Primary log-based replication¶
Reads must return data written by any write which completed (where the client could possibly have received a commit message). There are lots of ways to handle this, but ceph’s architecture makes it easy for everyone at any map epoch to know who the primary is. Thus, the easy answer is to route all writes for a particular pg through a single ordering primary and then out to the replicas. Though we only actually need to serialize writes on a single object (and even then, the partial ordering only really needs to provide an ordering between writes on overlapping regions), we might as well serialize writes on the whole PG since it lets us represent the current state of the PG using two numbers: the epoch of the map on the primary in which the most recent write started (this is a bit stranger than it might seem since map distribution itself is asyncronous – see Peering and the concept of interval changes) and an increasing per-pg version number – this is referred to in the code with type eversion_t and stored as pg_info_t::last_update. Furthermore, we maintain a log of “recent” operations extending back at least far enough to include any unstable writes (writes which have been started but not committed) and objects which aren’t uptodate locally (see recovery and backfill). In practice, the log will extend much further (osd_pg_min_log_entries when clean, osd_pg_max_log_entries when not clean) because it’s handy for quickly performing recovery.
Using this log, as long as we talk to a non-empty subset of the OSDs which must have accepted any completed writes from the most recent interval in which we accepted writes, we can determine a conservative log which must contain any write which has been reported to a client as committed. There is some freedom here, we can choose any log entry between the oldest head remembered by an element of that set (any newer cannot have completed without that log containing it) and the newest head remembered (clearly, all writes in the log were started, so it’s fine for us to remember them) as the new head.

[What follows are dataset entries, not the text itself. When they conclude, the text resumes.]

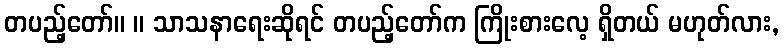
တပည့်တော်။ ။ သာသနာရေးဆိုရင် တပည့်တော်က ကြိုးစားလေ့ ရှိတယ် မဟုတ်လား,
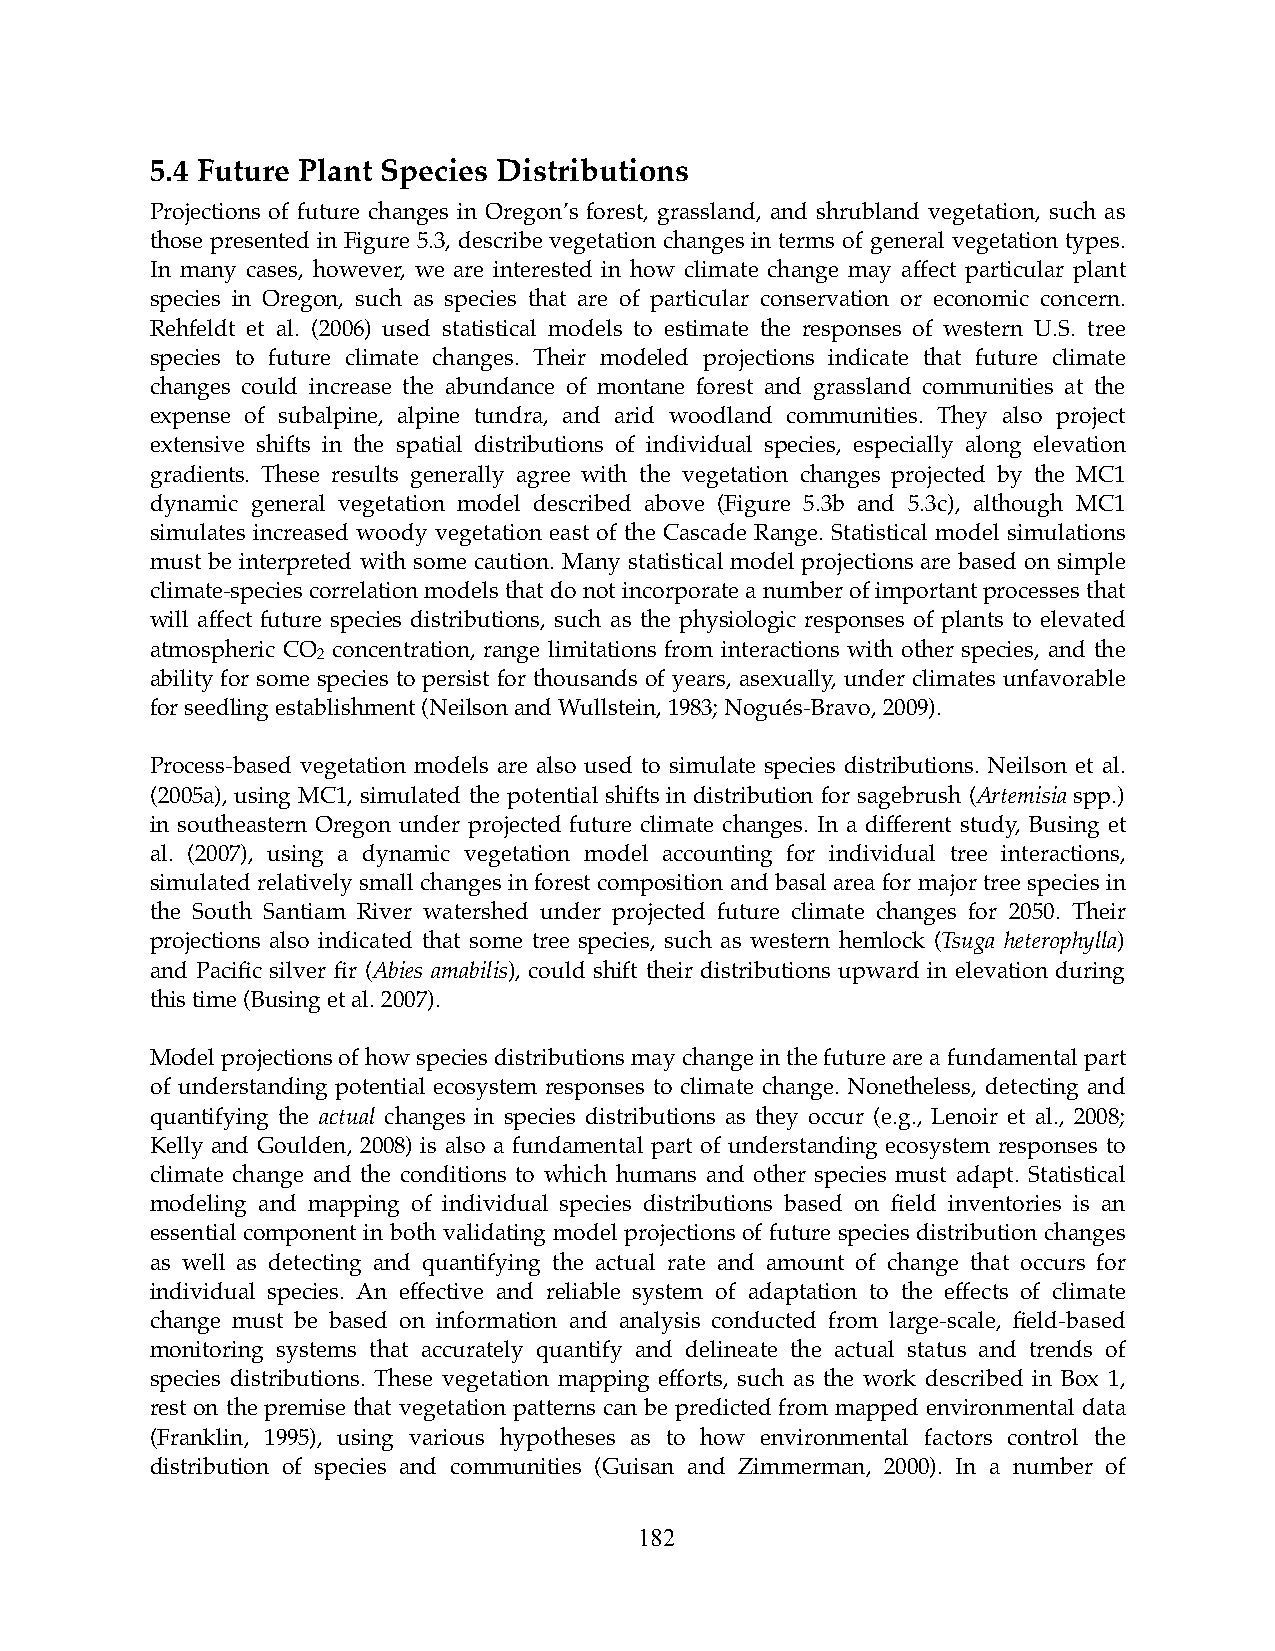
5.4 Future Plant Species Distributions
 Projections of future changes in Oregon’s forest, grassland, and shrubland vegetation, such as
 those presented in Figure 5.3, describe vegetation changes in terms of general vegetation types.
 In many cases, however, we are interested in how climate change may affect particular plant
 species in Oregon, such as species that are of particular conservation or economic concern.
 Rehfeldt et al. (2006) used statistical models to estimate the responses of western U.S. tree
 species to future climate changes. Their modeled projections indicate that future climate
 changes could increase the abundance of montane forest and grassland communities at the
 expense of subalpine, alpine tundra, and arid woodland communities. They also project
 extensive shifts in the spatial distributions of individual species, especially along elevation
 gradients. These results generally agree with the vegetation changes projected by the MC1
 dynamic general vegetation model described above (Figure 5.3b and 5.3c), although MC1
 simulates increased woody vegetation east of the Cascade Range. Statistical model simulations
 must be interpreted with some caution. Many statistical model projections are based on simple
 climate-species correlation models that do not incorporate a number of important processes that
 will affect future species distributions, such as the physiologic responses of plants to elevated
 atmospheric CO concentration, range limitations from interactions with other species, and the
 2
 ability for some species to persist for thousands of years, asexually, under climates unfavorable
 for seedling establishment (Neilson and Wullstein, 1983; Nogués-Bravo, 2009).
 Process-based vegetation models are also used to simulate species distributions. Neilson et al.
 (2005a), using MC1, simulated the potential shifts in distribution for sagebrush (Artemisia spp.)
 in southeastern Oregon under projected future climate changes. In a different study, Busing et
 al. (2007), using a dynamic vegetation model accounting for individual tree interactions,
 simulated relatively small changes in forest composition and basal area for major tree species in
 the South Santiam River watershed under projected future climate changes for 2050. Their
 projections also indicated that some tree species, such as western hemlock (Tsuga heterophylla)
 and Pacific silver fir (Abies amabilis), could shift their distributions upward in elevation during
 this time (Busing et al. 2007).
 Model projections of how species distributions may change in the future are a fundamental part
 of understanding potential ecosystem responses to climate change. Nonetheless, detecting and
 quantifying the actual changes in species distributions as they occur (e.g., Lenoir et al., 2008;
 Kelly and Goulden, 2008) is also a fundamental part of understanding ecosystem responses to
 climate change and the conditions to which humans and other species must adapt. Statistical
 modeling and mapping of individual species distributions based on field inventories is an
 essential component in both validating model projections of future species distribution changes
 as well as detecting and quantifying the actual rate and amount of change that occurs for
 individual species. An effective and reliable system of adaptation to the effects of climate
 change must be based on information and analysis conducted from large-scale, field-based
 monitoring systems that accurately quantify and delineate the actual status and trends of
 species distributions. These vegetation mapping efforts, such as the work described in Box 1,
 rest on the premise that vegetation patterns can be predicted from mapped environmental data
 (Franklin, 1995), using various hypotheses as to how environmental factors control the
 distribution of species and communities (Guisan and Zimmerman, 2000). In a number of
 182

This is the main point of divergence between replicated pools and ec pools in PG/PrimaryLogPG: replicated pools try to choose the newest valid option to avoid the client needing to replay those operations and instead recover the other copies. EC pools instead try to choose the oldest option available to them.
The reason for this gets to the heart of the rest of the differences in implementation: one copy will not generally be enough to reconstruct an ec object. Indeed, there are encodings where some log combinations would leave unrecoverable objects (as with a 4+2 encoding where 3 of the replicas remember a write, but the other 3 do not – we don’t have 3 copies of either version). For this reason, log entries representing unstable writes (writes not yet committed to the client) must be rollbackable using only local information on ec pools. Log entries in general may therefore be rollbackable (and in that case, via a delayed application or via a set of instructions for rolling back an inplace update) or not. Replicated pool log entries are never able to be rolled back.
For more details, see PGLog.h/cc, osd_types.h:pg_log_t, osd_types.h:pg_log_entry_t, and peering in general.